The first issue is whether or not this should exist as a script in Chromium at all; an alternative would be to simply change the bot configurations to know which flags to pass.

That would certainly work, but experience over the past two years suggests a few things:

  • we should push as much logic as we can into the source repositories so that they can be versioned and changed atomically with changes to the product code; having to coordinate changes between src/ and build/ is at best annoying and can lead to weird errors.
  • the infra team would really like to move to providing product-independent services (i.e., not have to do one thing for Chromium, another for NaCl, a third for V8, etc.).
  • we found that during the SVN->GIT migration the ability to flip bot configurations between the two via changes to a file in chromium was very useful.

All of this suggests that the interface between bots and Chromium should be a simple one, hiding as much of the chromium logic as possible.

Why not have MB be smarter about de-duping flags?

This just adds complexity to the MB implementation, and duplicates logic that GN already has to support anyway; in particular, it might require MB to know how to parse GN values. The belief is that if MB does not do this, it will lead to fewer surprises.
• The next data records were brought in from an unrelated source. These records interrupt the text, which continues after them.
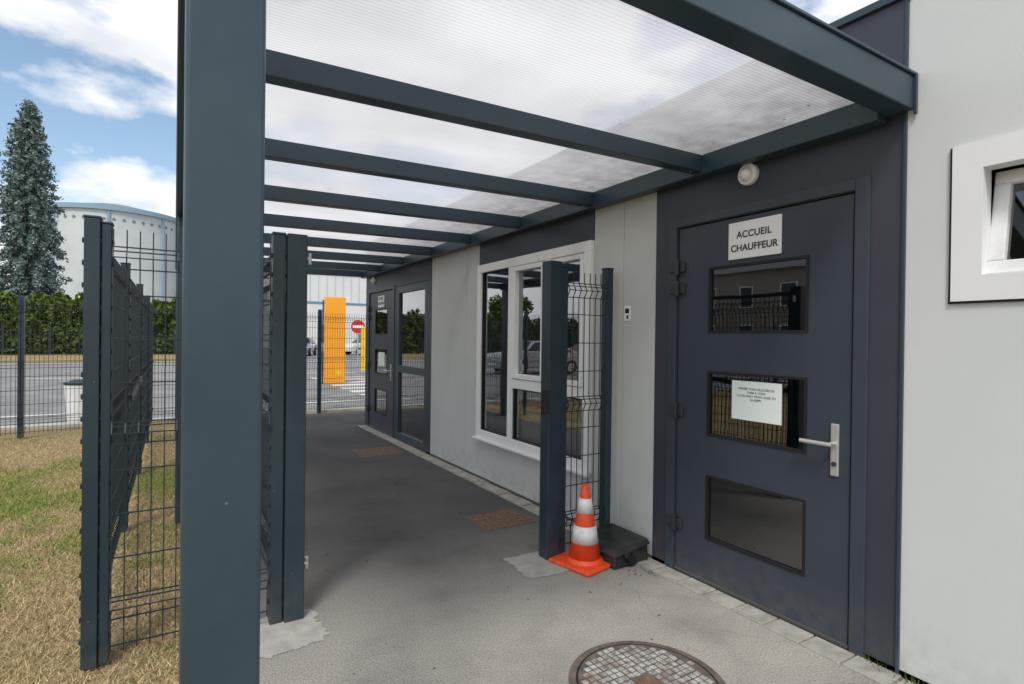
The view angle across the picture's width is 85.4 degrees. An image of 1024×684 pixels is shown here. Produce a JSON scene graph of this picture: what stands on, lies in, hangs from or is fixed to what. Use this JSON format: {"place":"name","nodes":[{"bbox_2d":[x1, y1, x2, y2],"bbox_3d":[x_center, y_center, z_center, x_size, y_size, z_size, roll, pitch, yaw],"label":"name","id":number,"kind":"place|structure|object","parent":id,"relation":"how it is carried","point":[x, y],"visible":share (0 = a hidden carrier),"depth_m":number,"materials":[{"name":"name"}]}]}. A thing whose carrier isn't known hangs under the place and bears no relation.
{"place":"outdoors","nodes":[
{"label":"outdoors","id":0,"kind":"place"},
{"bbox_2d":[0,354,364,683],"bbox_3d":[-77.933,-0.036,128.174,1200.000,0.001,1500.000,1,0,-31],"label":"ground","id":1,"kind":"structure","parent":0,"point":[43,358],"depth_m":3.63,"materials":[{"name":"green plant"}]},
{"bbox_2d":[0,98,72,308],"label":"spruce tree","id":2,"kind":"object","parent":1,"relation":"on","point":[26,194],"visible":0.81,"depth_m":44.05,"materials":[{"name":"green plant"}]},
{"bbox_2d":[0,324,174,354],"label":"fence","id":3,"kind":"object","parent":1,"relation":"on","point":[50,336],"visible":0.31,"depth_m":39.15,"materials":[{"name":"black metal"}]},
{"bbox_2d":[0,290,175,354],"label":"hedge","id":4,"kind":"object","parent":1,"relation":"on","point":[59,298],"visible":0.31,"depth_m":40.80,"materials":[{"name":"green plant"}]},
{"bbox_2d":[43,202,175,316],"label":"storage silo","id":5,"kind":"object","parent":1,"relation":"on","point":[133,221],"visible":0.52,"depth_m":111.01,"materials":[{"name":"paint"}]},
{"bbox_2d":[78,214,271,669],"bbox_3d":[-3.690,0.400,6.113,0.792,2.052,8.133,1,0,-31],"label":"fence","id":6,"kind":"object","parent":1,"relation":"on","point":[116,395],"visible":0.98,"depth_m":2.53,"materials":[{"name":"black metal"}]},
{"bbox_2d":[0,296,365,437],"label":"perimeter fence","id":7,"kind":"object","parent":1,"relation":"on","point":[21,357],"visible":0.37,"depth_m":8.26,"materials":[{"name":"black metal"}]},
{"bbox_2d":[1,407,364,430],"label":"road kerb","id":8,"kind":"structure","parent":1,"relation":"on","point":[49,425],"depth_m":9.12,"materials":[{"name":"concrete"}]},
{"bbox_2d":[263,349,360,360],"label":"car park","id":9,"kind":"structure","parent":1,"relation":"on","point":[354,355],"depth_m":43.97,"materials":[{"name":"asphalt"}]},
{"bbox_2d":[307,338,316,355],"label":"parked car","id":10,"kind":"object","parent":9,"relation":"on","point":[312,348],"visible":0.4,"depth_m":44.27,"materials":[{"name":"white paint"}]},
{"bbox_2d":[345,339,360,354],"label":"parked car","id":11,"kind":"object","parent":9,"relation":"on","point":[348,348],"visible":0.3,"depth_m":46.85,"materials":[{"name":"grey paint"}]},
{"bbox_2d":[0,360,364,425],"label":"road","id":12,"kind":"structure","parent":0,"point":[7,376],"depth_m":15.24,"materials":[{"name":"grey asphalt"}]},
{"bbox_2d":[63,379,82,421],"bbox_3d":[-7.409,1.015,9.552,0.500,0.740,0.500,1,0,-31],"label":"litter bin","id":13,"kind":"object","parent":12,"relation":"on","point":[76,383],"visible":0.38,"depth_m":9.35,"materials":[{"name":"white plastic"}]},
{"bbox_2d":[1,361,364,417],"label":"road marking","id":14,"kind":"object","parent":12,"relation":"on","point":[267,404],"visible":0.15,"depth_m":17.30,"materials":[{"name":"paint"}]},
{"bbox_2d":[322,297,345,383],"bbox_3d":[-5.784,-0.056,18.021,0.720,2.800,0.126,1,0,-19],"label":"orange totem","id":15,"kind":"object","parent":12,"relation":"on","point":[335,307],"visible":0.92,"depth_m":17.97,"materials":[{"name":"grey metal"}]},
{"bbox_2d":[350,319,365,364],"bbox_3d":[-8.309,0.007,29.922,0.800,2.500,0.093,1,0,-17],"label":"no entry sign","id":16,"kind":"object","parent":12,"relation":"on","point":[359,325],"visible":0.72,"depth_m":29.89,"materials":[{"name":"red metal"}]},
{"bbox_2d":[359,327,365,372],"bbox_3d":[-6.300,0.337,23.677,0.400,1.950,0.400,1,0,-31],"label":"yellow bollard","id":17,"kind":"object","parent":12,"relation":"on","point":[362,363],"visible":0.57,"depth_m":23.53,"materials":[{"name":"yellow metal"}]},
{"bbox_2d":[263,274,365,347],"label":"walls","id":18,"kind":"structure","parent":0,"point":[328,287],"depth_m":76.57,"materials":[{"name":"white metal"}]},
{"bbox_2d":[310,275,359,300],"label":"cladding ribs","id":19,"kind":"object","parent":18,"relation":"attached to","point":[335,284],"visible":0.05,"depth_m":76.35,"materials":[{"name":"paint"}]},
{"bbox_2d":[307,301,365,305],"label":"blue band","id":20,"kind":"object","parent":18,"relation":"attached to","point":[315,302],"depth_m":77.25,"materials":[{"name":"blue"}]},
{"bbox_2d":[0,0,877,285],"label":"sky","id":21,"kind":"structure","parent":0,"point":[101,75],"materials":[{"name":"blue"}]},
{"bbox_2d":[522,405,581,456],"bbox_3d":[0.777,1.108,5.635,0.600,0.750,1.600,1,0,-31],"label":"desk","id":22,"kind":"object","parent":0,"point":[531,417],"visible":0.23,"depth_m":5.88,"materials":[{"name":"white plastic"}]},
{"bbox_2d":[259,411,903,683],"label":"asphalt path","id":23,"kind":"structure","parent":0,"point":[441,585],"depth_m":3.18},
{"bbox_2d":[260,609,329,658],"bbox_3d":[-1.216,1.469,2.772,0.547,0.001,0.431,1,0,-31],"label":"concrete footing","id":24,"kind":"object","parent":23,"relation":"on","point":[282,636],"visible":0.48,"depth_m":2.79,"materials":[{"name":"grey concrete"}]},
{"bbox_2d":[352,446,403,457],"bbox_3d":[-1.767,1.446,7.311,0.560,0.017,0.540,1,0,-31],"label":"access cover","id":25,"kind":"object","parent":23,"relation":"on","point":[376,451],"visible":1,"depth_m":7.29,"materials":[{"name":"brown metal"}]},
{"bbox_2d":[261,232,613,624],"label":"security gate","id":26,"kind":"structure","parent":23,"relation":"on","point":[291,261],"depth_m":2.95,"materials":[{"name":"black metal"}]},
{"bbox_2d":[325,435,660,674],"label":"dry leaf litter","id":27,"kind":"object","parent":23,"relation":"on","point":[527,597],"visible":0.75,"depth_m":3.57,"materials":[{"name":"brown plant"}]},
{"bbox_2d":[466,509,536,530],"bbox_3d":[-0.095,1.479,4.618,0.460,0.017,0.400,1,0,-31],"label":"access cover","id":28,"kind":"object","parent":23,"relation":"on","point":[497,520],"visible":1,"depth_m":4.60,"materials":[{"name":"brown metal"}]},
{"bbox_2d":[503,551,568,577],"bbox_3d":[0.189,1.482,3.710,0.411,0.001,0.402,1,0,-31],"label":"concrete footing","id":29,"kind":"object","parent":23,"relation":"on","point":[533,565],"visible":0.71,"depth_m":3.68,"materials":[{"name":"grey concrete"}]},
{"bbox_2d":[175,0,917,683],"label":"entrance canopy","id":30,"kind":"object","parent":23,"relation":"on","point":[361,138],"visible":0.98,"depth_m":2.22,"materials":[{"name":"metal"}]},
{"bbox_2d":[549,483,609,576],"bbox_3d":[0.492,1.224,3.743,0.350,0.530,0.350,0,0,-43],"label":"traffic cone","id":31,"kind":"object","parent":23,"relation":"on","point":[582,556],"visible":0.91,"depth_m":3.68,"materials":[{"name":"orange plastic"}]},
{"bbox_2d":[597,523,649,569],"bbox_3d":[0.696,1.413,3.861,0.326,0.154,0.436,1,0,-31],"label":"rodent bait box","id":32,"kind":"object","parent":23,"relation":"on","point":[620,547],"visible":0.88,"depth_m":3.75,"materials":[{"name":"black plastic"}]},
{"bbox_2d":[357,425,914,683],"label":"paver edging","id":33,"kind":"object","parent":23,"relation":"on","point":[861,666],"visible":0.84,"depth_m":3.12,"materials":[{"name":"concrete"}]},
{"bbox_2d":[470,481,923,683],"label":"weeds","id":34,"kind":"object","parent":33,"relation":"on","point":[848,647],"visible":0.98,"depth_m":2.52,"materials":[{"name":"green plant"}]},
{"bbox_2d":[569,641,725,683],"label":"manhole cover","id":35,"kind":"object","parent":23,"relation":"on","point":[629,662],"visible":1,"depth_m":2.54,"materials":[{"name":"metal"}]},
{"bbox_2d":[368,421,925,683],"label":"floor","id":36,"kind":"structure","parent":0,"point":[415,429],"depth_m":3.83,"materials":[{"name":"grey concrete"}]},
{"bbox_2d":[430,192,656,554],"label":"wall panels","id":37,"kind":"object","parent":36,"relation":"on","point":[625,240],"visible":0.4,"depth_m":4.30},
{"bbox_2d":[472,240,594,477],"bbox_3d":[0.137,0.119,5.182,0.120,1.857,1.950,1,0,-31],"label":"frame","id":38,"kind":"object","parent":37,"relation":"attached to","point":[583,253],"visible":0.62,"depth_m":5.13,"materials":[{"name":"white plastic"}]},
{"bbox_2d":[481,268,580,459],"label":"gaskets","id":39,"kind":"object","parent":38,"relation":"attached to","point":[514,435],"visible":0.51,"depth_m":5.91,"materials":[{"name":"black rubber"}]},
{"bbox_2d":[624,306,630,320],"bbox_3d":[0.839,-0.209,4.036,0.007,0.110,0.060,1,0,-31],"label":"wall sticker","id":40,"kind":"object","parent":37,"relation":"attached to","point":[627,310],"depth_m":4.03,"materials":[{"name":"white plastic"}]},
{"bbox_2d":[365,113,903,671],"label":"dark cladding","id":41,"kind":"structure","parent":36,"relation":"on","point":[875,153],"depth_m":2.72,"materials":[{"name":"grey metal"}]},
{"bbox_2d":[367,285,394,437],"bbox_3d":[-2.088,0.284,8.875,0.162,2.297,1.320,1,0,-31],"label":"door leaf assembly","id":42,"kind":"object","parent":41,"relation":"attached to","point":[380,379],"depth_m":8.85,"materials":[{"name":"paint"}]},
{"bbox_2d":[378,295,384,307],"bbox_3d":[-2.085,-0.645,8.847,0.011,0.185,0.302,1,0,-31],"label":"sign plate assembly","id":43,"kind":"object","parent":42,"relation":"attached to","point":[381,299],"visible":1,"depth_m":8.82,"materials":[{"name":"white plastic"}]},
{"bbox_2d":[395,280,427,450],"bbox_3d":[-1.388,0.309,7.745,0.060,2.235,1.180,1,0,-31],"label":"frame","id":44,"kind":"object","parent":41,"relation":"attached to","point":[402,436],"visible":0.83,"depth_m":7.92,"materials":[{"name":"metal"}]},
{"bbox_2d":[738,163,758,185],"bbox_3d":[1.336,-0.959,3.165,0.064,0.124,0.124,1,0,-31],"label":"lamp assembly","id":45,"kind":"object","parent":41,"relation":"attached to","point":[748,174],"visible":1,"depth_m":3.14,"materials":[{"name":"white plastic"}]},
{"bbox_2d":[665,175,870,657],"bbox_3d":[1.377,0.353,3.174,0.162,2.297,1.248,1,0,-31],"label":"door leaf assembly","id":46,"kind":"object","parent":41,"relation":"attached to","point":[763,517],"depth_m":3.02,"materials":[{"name":"paint"}]},
{"bbox_2d":[728,214,781,259],"bbox_3d":[1.375,-0.591,3.155,0.011,0.215,0.335,1,0,-31],"label":"sign plate assembly","id":47,"kind":"object","parent":46,"relation":"attached to","point":[762,236],"visible":1,"depth_m":3.14,"materials":[{"name":"white plastic"}]},
{"bbox_2d":[839,0,904,64],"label":"parapet","id":48,"kind":"structure","parent":41,"relation":"on","point":[882,31],"depth_m":2.57,"materials":[{"name":"metal"}]},
{"bbox_2d":[829,0,900,28],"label":"parapet cap","id":49,"kind":"object","parent":48,"relation":"on","point":[869,9],"depth_m":2.65,"materials":[{"name":"grey metal"}]},
{"bbox_2d":[408,164,1023,438],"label":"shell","id":50,"kind":"object","parent":36,"relation":"on","point":[530,323],"visible":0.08,"depth_m":7.61},
{"bbox_2d":[899,0,1023,683],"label":"wall render","id":51,"kind":"object","parent":36,"relation":"on","point":[962,587],"depth_m":2.33,"materials":[{"name":"white paint"}]},
{"bbox_2d":[895,0,909,673],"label":"corner trim","id":52,"kind":"structure","parent":51,"relation":"attached to","point":[902,346],"depth_m":2.50,"materials":[{"name":"metal"}]},
{"bbox_2d":[948,149,1023,303],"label":"reveal gasket","id":53,"kind":"object","parent":51,"relation":"attached to","point":[949,275],"visible":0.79,"depth_m":2.35,"materials":[{"name":"black rubber"}]},
{"bbox_2d":[950,131,1023,301],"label":"frame","id":54,"kind":"object","parent":51,"relation":"attached to","point":[974,165],"visible":0.96,"depth_m":2.27,"materials":[{"name":"white plastic"}]},
{"bbox_2d":[986,167,1023,273],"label":"sash","id":55,"kind":"object","parent":54,"relation":"attached to","point":[998,261],"visible":0.91,"depth_m":2.27,"materials":[{"name":"white plastic"}]},
{"bbox_2d":[1007,183,1023,259],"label":"glass","id":56,"kind":"object","parent":55,"relation":"in","point":[1016,243],"visible":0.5,"depth_m":2.25,"materials":[{"name":"black glass"}]}
]}

It will not be hard to change this if need be.

Config per flag set or config per (os/arch/flag set)?

Currently, mb_config.pyl does not specify the host_os, target_os, host_cpu, or target_cpu values for every config that Chromium runs on, it only specifies them for when the values need to be explicitly set on the command line.

Instead, we have one config per unique combination of flags only.

In other words, rather than having linux_rel_bot, win_rel_bot, and mac_rel_bot, we just have rel_bot.

This design allows us to determine easily all of the different sets of flags that we need to support, but not which flags are used on which host/target combinations.

It may be that we should really track the latter. Doing so is just a config file change, however.

Non-goals

  • MB is not intended to replace direct invocation of GN for complicated build scenarios (a.k.a. Chrome OS), where multiple flags need to be set to user-defined paths for specific toolchains (e.g., where Chrome OS needs to specify specific board types and compilers).

  • MB is not intended at this time to be something developers use frequently, or to add a lot of features to. We hope to be able to get rid of it eventually.

  • MB is not intended to replace the CR tool, and it is not really meant as a developer-facing tool.